**About this task**: Pictures appear among the records. Write out all else exactly as it stands.

**Stored data**:
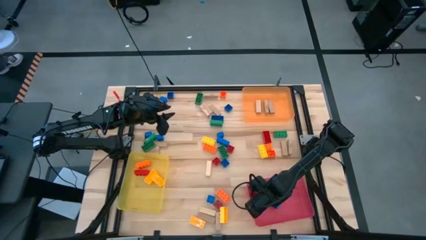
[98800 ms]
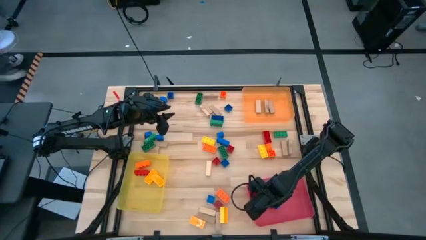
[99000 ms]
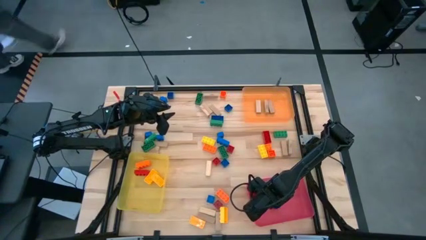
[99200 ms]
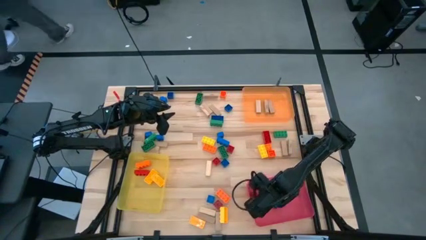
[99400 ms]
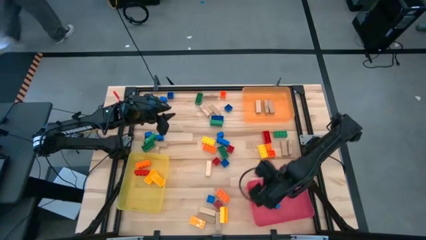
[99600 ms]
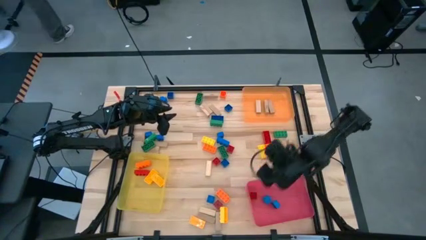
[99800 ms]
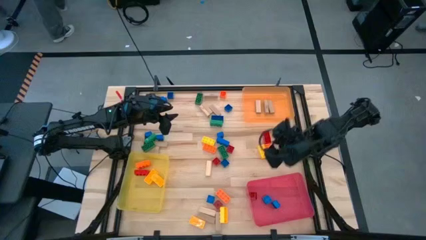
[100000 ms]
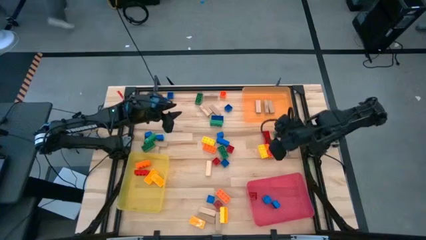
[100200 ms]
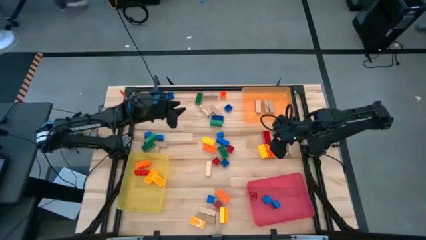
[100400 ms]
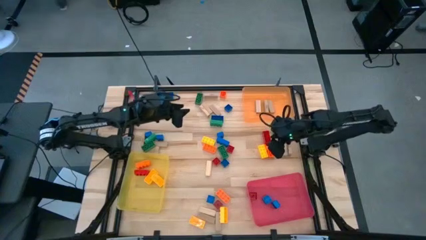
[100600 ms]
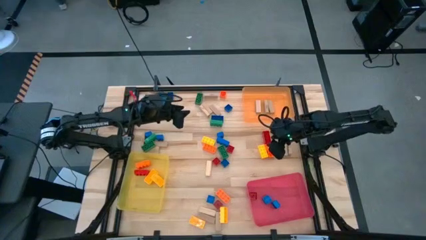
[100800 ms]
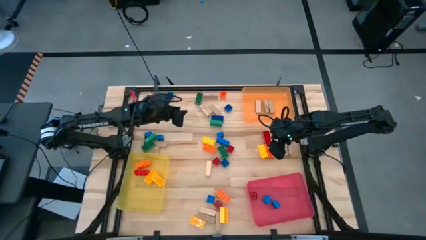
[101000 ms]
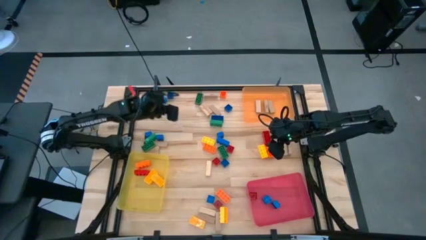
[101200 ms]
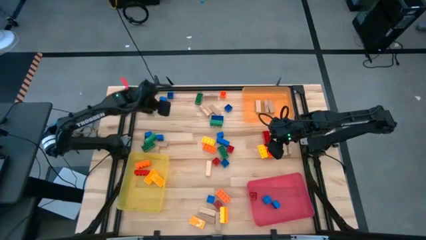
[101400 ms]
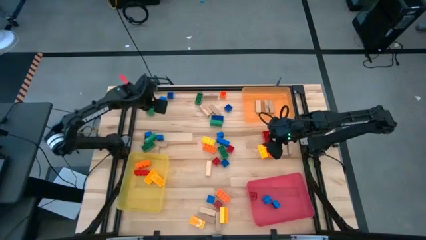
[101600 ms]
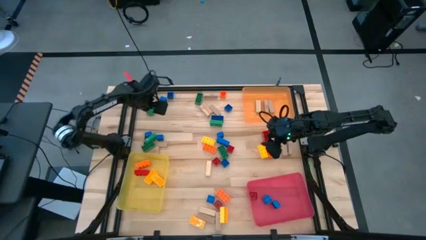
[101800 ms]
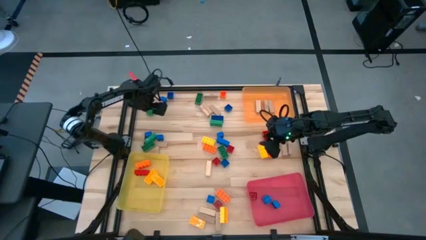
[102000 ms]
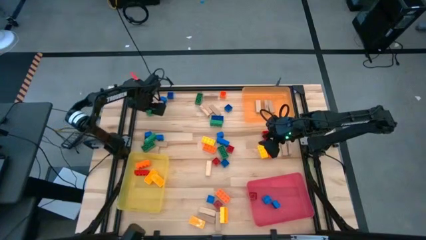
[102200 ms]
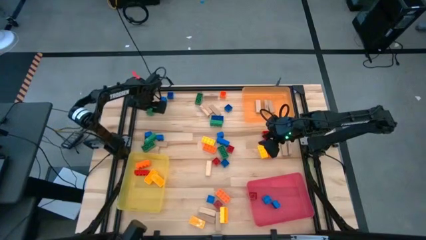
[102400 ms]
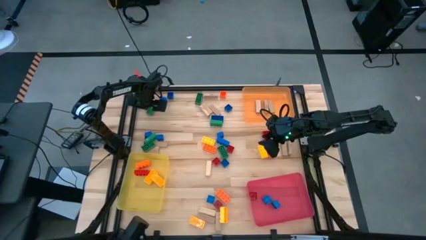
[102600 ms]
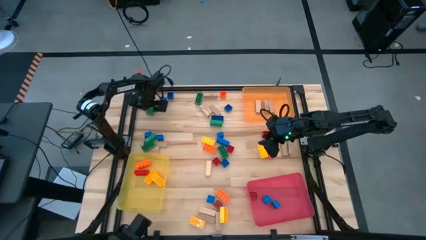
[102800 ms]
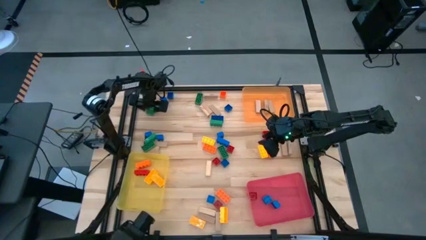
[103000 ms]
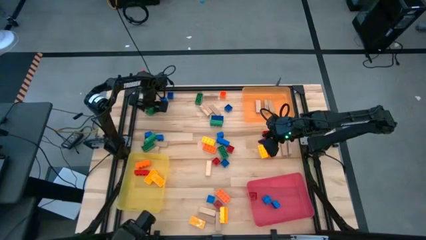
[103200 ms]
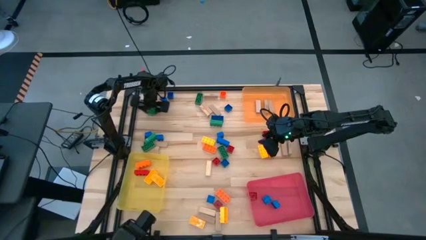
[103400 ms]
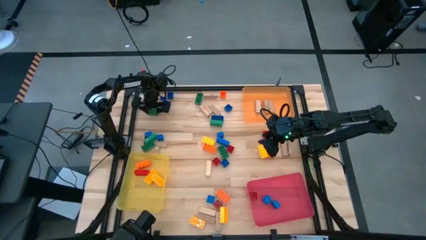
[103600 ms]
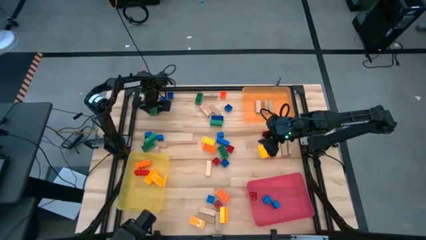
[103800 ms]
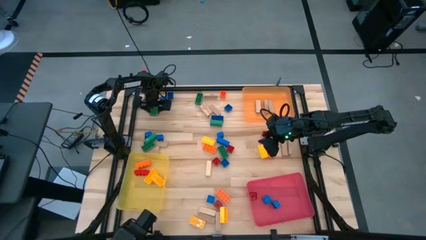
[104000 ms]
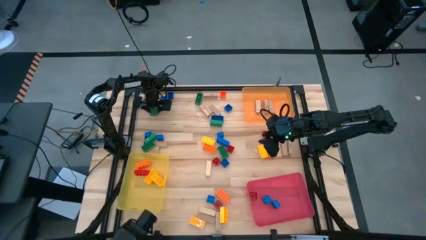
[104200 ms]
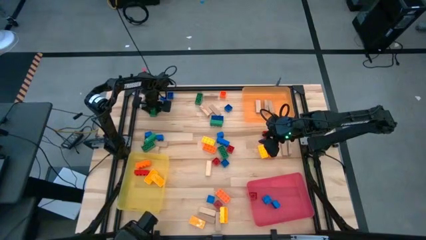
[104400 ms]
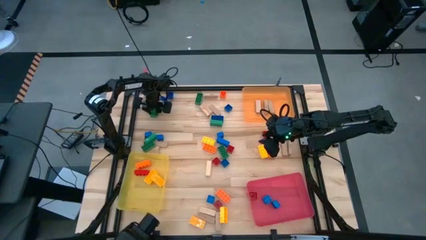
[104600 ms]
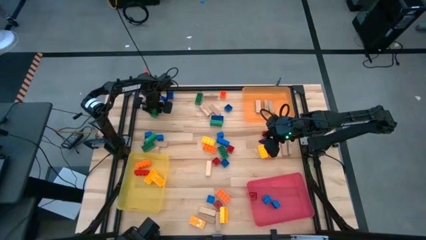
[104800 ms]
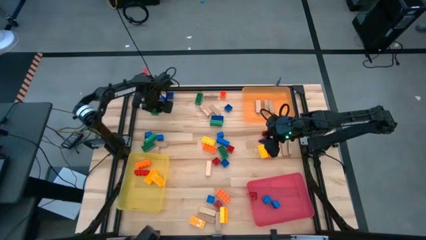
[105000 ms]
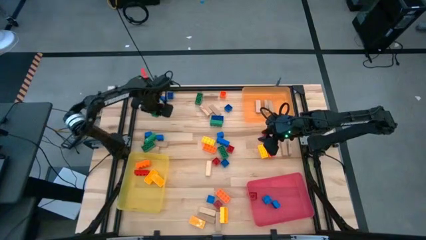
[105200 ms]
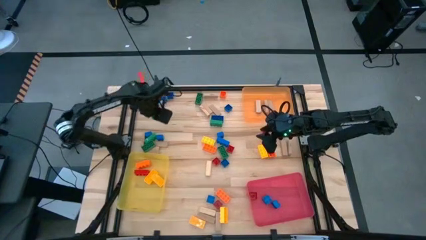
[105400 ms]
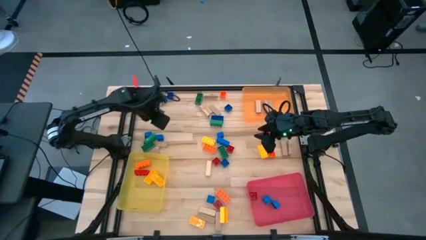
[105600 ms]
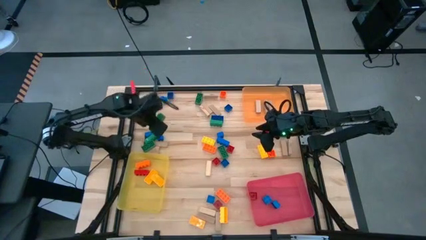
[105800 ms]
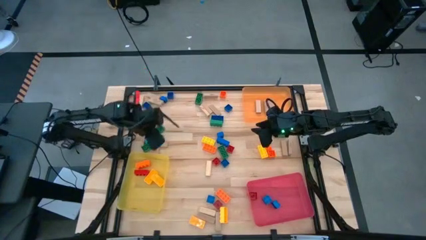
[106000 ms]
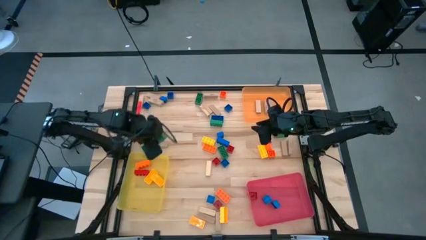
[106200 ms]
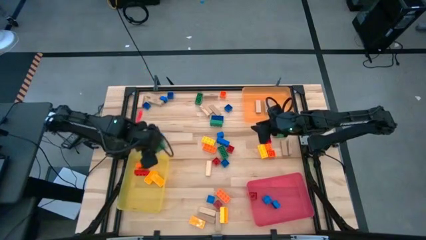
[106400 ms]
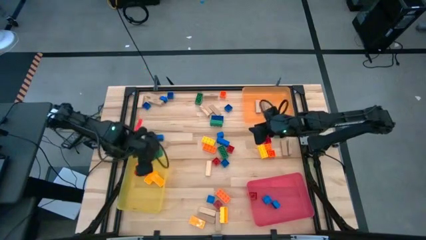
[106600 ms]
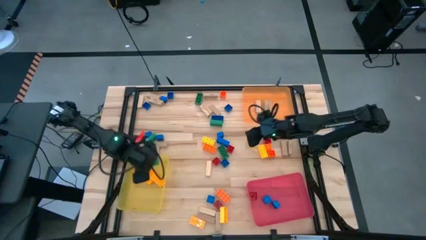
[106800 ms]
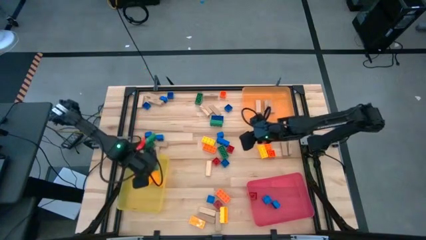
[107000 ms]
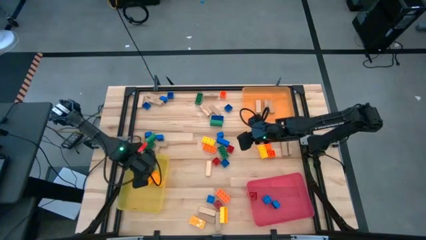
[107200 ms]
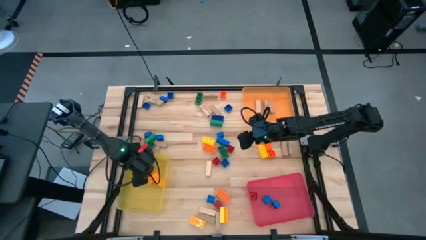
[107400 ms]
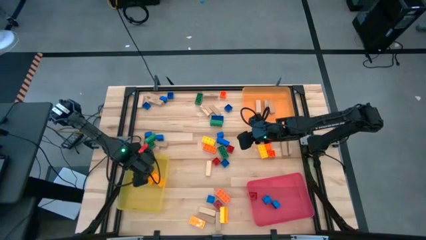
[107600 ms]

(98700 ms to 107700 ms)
Task: Sort blocks by size
Put the large green game piece into the yellow bin

**Reply**:
[98800 ms]
[99000 ms]
[99200 ms]
[99400 ms]
[99600 ms]
[99800 ms]
[100000 ms]
[100200 ms]
[100400 ms]
[100600 ms]
[100800 ms]
[101000 ms]
[101200 ms]
[101400 ms]
[101600 ms]
[101800 ms]
[102000 ms]
[102200 ms]
[102400 ms]
[102600 ms]
[102800 ms]
[103000 ms]
[103200 ms]
[103400 ms]
[103600 ms]
[103800 ms]
[104000 ms]
[104200 ms]
[104400 ms]
[104600 ms]
[104800 ms]
[105000 ms]
[105200 ms]
[105400 ms]
[105600 ms]
[105800 ms]
[106000 ms]
[106200 ms]
[106400 ms]
[106600 ms]
[106800 ms]
[107000 ms]
[107200 ms]
[107400 ms]
[107600 ms]

(98700 ms to 107700 ms)
Task: Sort blocks by size
Put the large green game piece into the yellow bin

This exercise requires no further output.